Records for the task:
+ + + + +

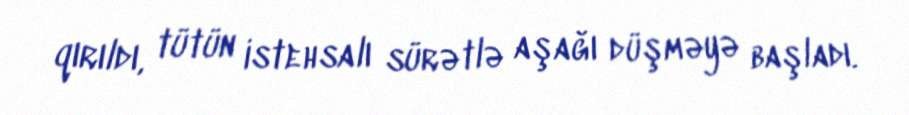
qırıldı, tütün istehsalı sürətlə aşağı düşməyə başladı.
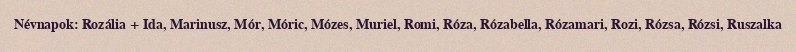
Névnapok: Rozália + Ida, Marinusz, Mór, Móric, Mózes, Muriel, Romi, Róza, Rózabella, Rózamari, Rozi, Rózsa, Rózsi, Ruszalka
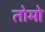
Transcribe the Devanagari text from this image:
तोमो
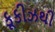
કૂકીઝથી
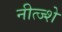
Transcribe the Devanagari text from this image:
नीत्ज्शे
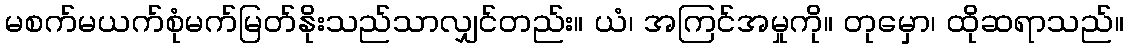
မစက်မယက်စုံမက်မြတ်နိုးသည်သာလျှင်တည်း။ ယံ၊ အကြင်အမှုကို။ တုမှော၊ ထိုဆရာသည်။
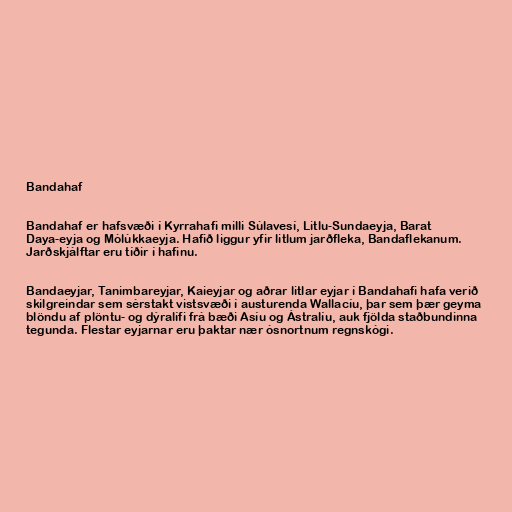
Bandahaf

Bandahaf er hafsvæði í Kyrrahafi milli Súlavesí, Litlu-Sundaeyja, Barat
Daya-eyja og Mólúkkaeyja. Hafið liggur yfir litlum jarðfleka, Bandaflekanum.
Jarðskjálftar eru tíðir í hafinu.

Bandaeyjar, Tanimbareyjar, Kaieyjar og aðrar litlar eyjar í Bandahafi hafa verið
skilgreindar sem sérstakt vistsvæði í austurenda Wallacíu, þar sem þær geyma
blöndu af plöntu- og dýralífi frá bæði Asíu og Ástralíu, auk fjölda staðbundinna
tegunda. Flestar eyjarnar eru þaktar nær ósnortnum regnskógi.

+ + + + +

Task details:
Through the final line of the listing, beginning at the line that contains "Bandahaf er hafsvæði", every line is to be set down exactly, with no others.

Response below:
Bandahaf er hafsvæði í Kyrrahafi milli Súlavesí, Litlu-Sundaeyja, Barat
Daya-eyja og Mólúkkaeyja. Hafið liggur yfir litlum jarðfleka, Bandaflekanum.
Jarðskjálftar eru tíðir í hafinu.

Bandaeyjar, Tanimbareyjar, Kaieyjar og aðrar litlar eyjar í Bandahafi hafa verið
skilgreindar sem sérstakt vistsvæði í austurenda Wallacíu, þar sem þær geyma
blöndu af plöntu- og dýralífi frá bæði Asíu og Ástralíu, auk fjölda staðbundinna
tegunda. Flestar eyjarnar eru þaktar nær ósnortnum regnskógi.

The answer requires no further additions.